- Show that \(\dfrac{d}{dx} (\cos x \sin^{n-1}x) = (n-1) \sin^{n-2}x - n \sin^{n}x\).
Would it help us to use \(s\) for \(\sin x\) and \(c\) for \(\cos x\)?
How can we differentiate a product?
How could we convert any \(\cos x\) terms into \(\sin x\) terms?
- Given that \(I_n = \displaystyle\int_0^{\frac{1}{2}\pi} e^{-x} \sin^n x \, dx\), show that \[I_n = -e^{-\frac{1}{2}\pi} + n \int_0^{\frac{1}{2}\pi} e^{-x} \cos x \sin^{n-1}x \, dx, \quad (n \ge 1).\]
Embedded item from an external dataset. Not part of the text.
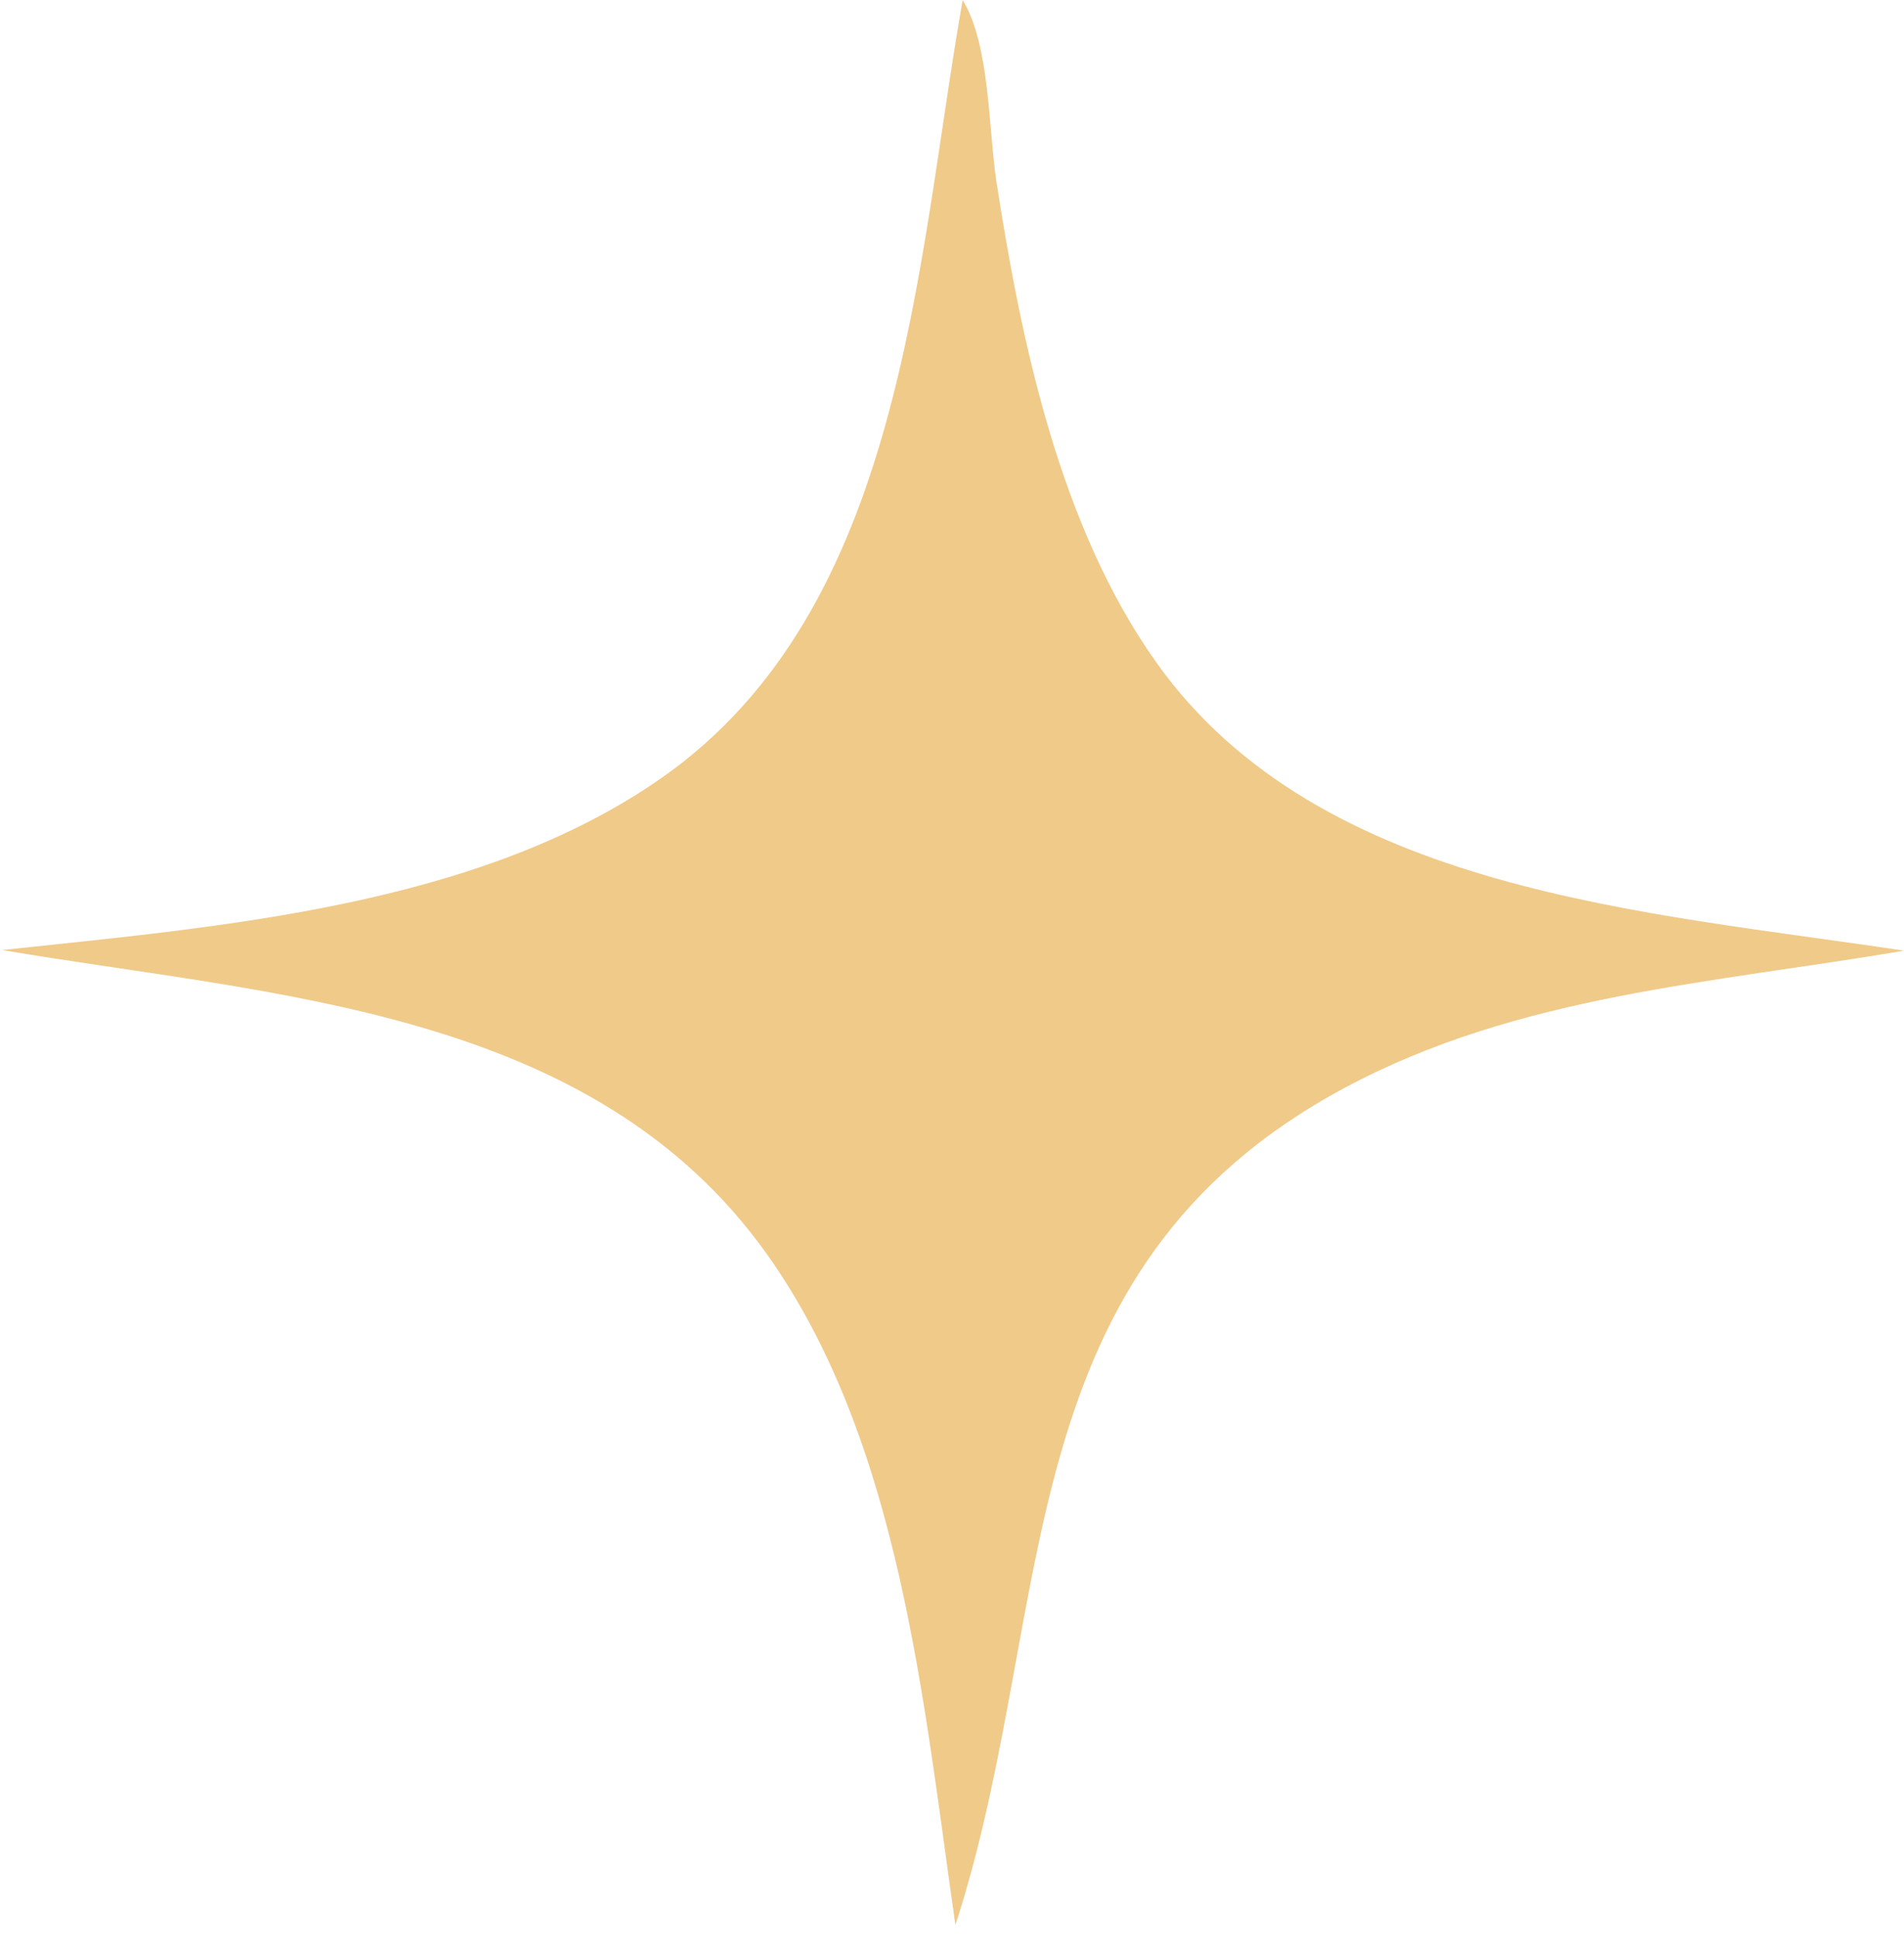 <svg xmlns="http://www.w3.org/2000/svg" width="59" height="60" viewBox="0 0 59 60" fill="none"><path d="M0.066 29.424C6.784 28.701 14.782 28.089 20.499 24.094C28.001 18.852 28.384 8.212 29.83 0C30.681 1.382 30.627 4.006 30.879 5.642C31.653 10.64 32.848 16.331 35.842 20.531C40.917 27.651 51.089 28.241 59 29.443C53.086 30.454 47.071 30.798 41.673 33.689C31.166 39.317 32.747 49.548 29.723 59.252C29.685 59.374 29.644 59.495 29.605 59.616C28.619 52.77 27.906 44.669 23.774 38.856C18.344 31.218 8.449 30.846 0.066 29.424Z" fill="#F0CA89"></path></svg>

Do we know a ‘product rule’ for integration?
- By using the results of (i) and (ii), or otherwise, show that \[(n^2 + 1) I_n = -e^{-\frac{1}{2}\pi} + n(n-1) I_{n-2}, \quad (n \ge 2).\]
Could we use our ‘product rule’ for integration a second time?
- Show that \(I_4 = \frac{1}{85} (24 - 41 e^{-\frac{1}{2}\pi})\).
How would the earlier parts help us here?